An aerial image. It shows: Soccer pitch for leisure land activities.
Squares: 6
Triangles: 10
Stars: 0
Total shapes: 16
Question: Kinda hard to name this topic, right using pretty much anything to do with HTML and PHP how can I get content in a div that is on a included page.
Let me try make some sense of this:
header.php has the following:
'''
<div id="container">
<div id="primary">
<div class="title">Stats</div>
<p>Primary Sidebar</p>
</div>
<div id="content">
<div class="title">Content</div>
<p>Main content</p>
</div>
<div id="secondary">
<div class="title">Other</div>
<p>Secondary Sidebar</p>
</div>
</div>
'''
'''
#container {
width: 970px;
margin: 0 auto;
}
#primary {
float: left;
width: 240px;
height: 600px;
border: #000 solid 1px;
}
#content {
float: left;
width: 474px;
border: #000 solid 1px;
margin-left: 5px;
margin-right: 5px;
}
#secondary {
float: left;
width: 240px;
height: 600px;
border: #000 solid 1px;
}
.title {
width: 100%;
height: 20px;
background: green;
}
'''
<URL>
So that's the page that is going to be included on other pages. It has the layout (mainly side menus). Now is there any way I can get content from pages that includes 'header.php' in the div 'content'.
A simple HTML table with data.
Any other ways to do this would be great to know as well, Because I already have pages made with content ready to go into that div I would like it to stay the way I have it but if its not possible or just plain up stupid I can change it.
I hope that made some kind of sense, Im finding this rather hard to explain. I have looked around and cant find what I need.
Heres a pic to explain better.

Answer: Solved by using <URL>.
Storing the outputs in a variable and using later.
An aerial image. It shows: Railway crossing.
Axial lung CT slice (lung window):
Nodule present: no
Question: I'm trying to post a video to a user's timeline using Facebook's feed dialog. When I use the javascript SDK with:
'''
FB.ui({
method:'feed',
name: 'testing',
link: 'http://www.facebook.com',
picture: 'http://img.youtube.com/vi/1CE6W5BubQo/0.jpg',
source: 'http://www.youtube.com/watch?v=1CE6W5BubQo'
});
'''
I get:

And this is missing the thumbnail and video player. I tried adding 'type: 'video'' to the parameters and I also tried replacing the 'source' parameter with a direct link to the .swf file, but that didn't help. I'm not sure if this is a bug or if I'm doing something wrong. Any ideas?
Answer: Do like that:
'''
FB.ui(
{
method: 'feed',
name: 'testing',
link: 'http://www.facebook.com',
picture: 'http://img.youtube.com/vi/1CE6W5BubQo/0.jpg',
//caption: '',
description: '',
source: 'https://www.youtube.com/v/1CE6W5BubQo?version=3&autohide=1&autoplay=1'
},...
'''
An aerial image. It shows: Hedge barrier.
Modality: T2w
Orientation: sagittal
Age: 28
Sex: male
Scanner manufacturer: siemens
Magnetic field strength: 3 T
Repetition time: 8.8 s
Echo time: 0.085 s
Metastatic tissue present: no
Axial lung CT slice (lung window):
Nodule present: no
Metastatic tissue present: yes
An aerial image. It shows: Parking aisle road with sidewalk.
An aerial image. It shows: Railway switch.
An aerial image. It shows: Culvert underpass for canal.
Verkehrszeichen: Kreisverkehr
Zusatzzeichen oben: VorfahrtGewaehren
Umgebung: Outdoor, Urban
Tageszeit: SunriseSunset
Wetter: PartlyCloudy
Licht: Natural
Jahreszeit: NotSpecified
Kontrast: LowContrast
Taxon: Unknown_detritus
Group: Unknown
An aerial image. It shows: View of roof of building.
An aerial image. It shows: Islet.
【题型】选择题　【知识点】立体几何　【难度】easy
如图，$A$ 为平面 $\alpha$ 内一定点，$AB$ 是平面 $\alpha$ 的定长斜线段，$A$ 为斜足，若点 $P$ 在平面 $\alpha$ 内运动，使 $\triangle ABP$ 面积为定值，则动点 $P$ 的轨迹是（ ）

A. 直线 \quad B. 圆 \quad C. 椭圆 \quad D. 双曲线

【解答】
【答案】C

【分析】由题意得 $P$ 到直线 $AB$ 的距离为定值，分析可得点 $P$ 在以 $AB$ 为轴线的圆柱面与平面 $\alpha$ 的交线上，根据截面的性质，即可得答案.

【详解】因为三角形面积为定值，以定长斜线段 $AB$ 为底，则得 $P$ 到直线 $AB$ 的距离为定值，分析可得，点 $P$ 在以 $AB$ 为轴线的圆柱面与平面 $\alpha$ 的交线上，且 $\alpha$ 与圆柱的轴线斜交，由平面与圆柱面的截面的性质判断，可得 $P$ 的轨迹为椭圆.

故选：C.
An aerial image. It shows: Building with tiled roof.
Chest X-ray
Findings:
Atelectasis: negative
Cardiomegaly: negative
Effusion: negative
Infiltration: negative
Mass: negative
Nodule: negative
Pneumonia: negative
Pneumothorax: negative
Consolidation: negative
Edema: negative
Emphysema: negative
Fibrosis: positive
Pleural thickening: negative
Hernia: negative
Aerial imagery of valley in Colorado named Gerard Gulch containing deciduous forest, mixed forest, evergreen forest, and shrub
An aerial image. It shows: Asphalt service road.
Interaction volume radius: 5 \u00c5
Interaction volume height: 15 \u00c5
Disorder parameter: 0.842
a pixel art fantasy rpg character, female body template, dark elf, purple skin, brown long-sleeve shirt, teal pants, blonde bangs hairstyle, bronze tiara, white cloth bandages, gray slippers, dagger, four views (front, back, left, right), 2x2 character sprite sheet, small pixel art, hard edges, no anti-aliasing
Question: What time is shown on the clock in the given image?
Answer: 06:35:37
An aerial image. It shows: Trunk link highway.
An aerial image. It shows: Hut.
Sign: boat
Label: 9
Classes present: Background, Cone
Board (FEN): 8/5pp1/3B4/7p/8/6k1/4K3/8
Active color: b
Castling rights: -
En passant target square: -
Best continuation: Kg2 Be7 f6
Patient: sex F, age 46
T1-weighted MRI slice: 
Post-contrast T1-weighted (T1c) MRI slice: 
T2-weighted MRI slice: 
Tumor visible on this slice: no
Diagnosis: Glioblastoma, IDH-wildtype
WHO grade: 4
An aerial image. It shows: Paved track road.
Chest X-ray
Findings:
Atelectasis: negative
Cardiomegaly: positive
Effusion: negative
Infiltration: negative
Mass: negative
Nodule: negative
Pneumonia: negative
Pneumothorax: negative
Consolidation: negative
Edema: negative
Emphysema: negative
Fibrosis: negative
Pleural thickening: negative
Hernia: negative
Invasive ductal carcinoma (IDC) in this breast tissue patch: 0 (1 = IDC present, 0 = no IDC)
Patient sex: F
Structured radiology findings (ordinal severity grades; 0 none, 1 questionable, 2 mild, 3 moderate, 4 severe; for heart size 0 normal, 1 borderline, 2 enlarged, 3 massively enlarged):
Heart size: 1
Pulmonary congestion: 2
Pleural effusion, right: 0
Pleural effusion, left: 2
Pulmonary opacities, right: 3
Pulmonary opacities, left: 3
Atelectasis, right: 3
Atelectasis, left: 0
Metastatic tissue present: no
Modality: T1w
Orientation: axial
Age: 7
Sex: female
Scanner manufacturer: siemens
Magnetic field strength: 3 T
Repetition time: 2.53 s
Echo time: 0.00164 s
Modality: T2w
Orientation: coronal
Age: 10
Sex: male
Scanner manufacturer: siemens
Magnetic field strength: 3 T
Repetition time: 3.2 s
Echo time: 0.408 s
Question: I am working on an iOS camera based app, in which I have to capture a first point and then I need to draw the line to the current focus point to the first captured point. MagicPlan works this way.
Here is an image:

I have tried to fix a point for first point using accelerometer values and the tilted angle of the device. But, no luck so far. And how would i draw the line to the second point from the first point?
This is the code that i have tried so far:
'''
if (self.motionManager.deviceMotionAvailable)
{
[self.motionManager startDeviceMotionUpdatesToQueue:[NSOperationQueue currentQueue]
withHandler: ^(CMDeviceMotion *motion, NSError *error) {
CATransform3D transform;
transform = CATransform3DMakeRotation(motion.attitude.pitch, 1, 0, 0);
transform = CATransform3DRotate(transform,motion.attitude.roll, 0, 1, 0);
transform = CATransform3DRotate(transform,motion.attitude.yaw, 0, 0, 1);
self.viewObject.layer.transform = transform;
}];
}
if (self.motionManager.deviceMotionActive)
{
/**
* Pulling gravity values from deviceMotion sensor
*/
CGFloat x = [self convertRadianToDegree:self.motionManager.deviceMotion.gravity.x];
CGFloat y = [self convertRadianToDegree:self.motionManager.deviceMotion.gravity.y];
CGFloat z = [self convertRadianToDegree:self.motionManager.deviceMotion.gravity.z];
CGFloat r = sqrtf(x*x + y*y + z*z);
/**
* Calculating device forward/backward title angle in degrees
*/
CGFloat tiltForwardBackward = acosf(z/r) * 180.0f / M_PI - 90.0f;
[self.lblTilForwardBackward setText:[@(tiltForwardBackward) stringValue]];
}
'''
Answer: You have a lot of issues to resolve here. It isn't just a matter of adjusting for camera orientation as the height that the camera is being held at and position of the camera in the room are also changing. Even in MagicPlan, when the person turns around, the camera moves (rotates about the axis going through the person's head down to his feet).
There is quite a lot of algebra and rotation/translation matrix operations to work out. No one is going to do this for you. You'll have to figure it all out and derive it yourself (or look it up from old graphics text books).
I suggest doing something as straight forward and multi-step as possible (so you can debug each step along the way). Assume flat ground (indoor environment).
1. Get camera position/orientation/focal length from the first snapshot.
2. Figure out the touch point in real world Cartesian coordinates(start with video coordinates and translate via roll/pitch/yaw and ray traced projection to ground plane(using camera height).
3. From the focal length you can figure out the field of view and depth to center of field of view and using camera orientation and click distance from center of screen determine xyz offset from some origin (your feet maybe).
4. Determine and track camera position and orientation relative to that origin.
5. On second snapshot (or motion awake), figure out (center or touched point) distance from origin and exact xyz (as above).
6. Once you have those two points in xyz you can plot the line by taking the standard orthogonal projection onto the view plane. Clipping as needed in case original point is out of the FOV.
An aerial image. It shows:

■ **Task objective**: All that is wanted is the stretch of lines above from the one containing "Structured radiology findings" through the one containing "Pulmonary opacities, right: 3", duplicated exactly.

■ **Answer to this problem**:
Structured radiology findings (ordinal severity grades; 0 none, 1 questionable, 2 mild, 3 moderate, 4 severe; for heart size 0 normal, 1 borderline, 2 enlarged, 3 massively enlarged):
Heart size: 1
Pulmonary congestion: 2
Pleural effusion, right: 0
Pleural effusion, left: 2
Pulmonary opacities, right: 3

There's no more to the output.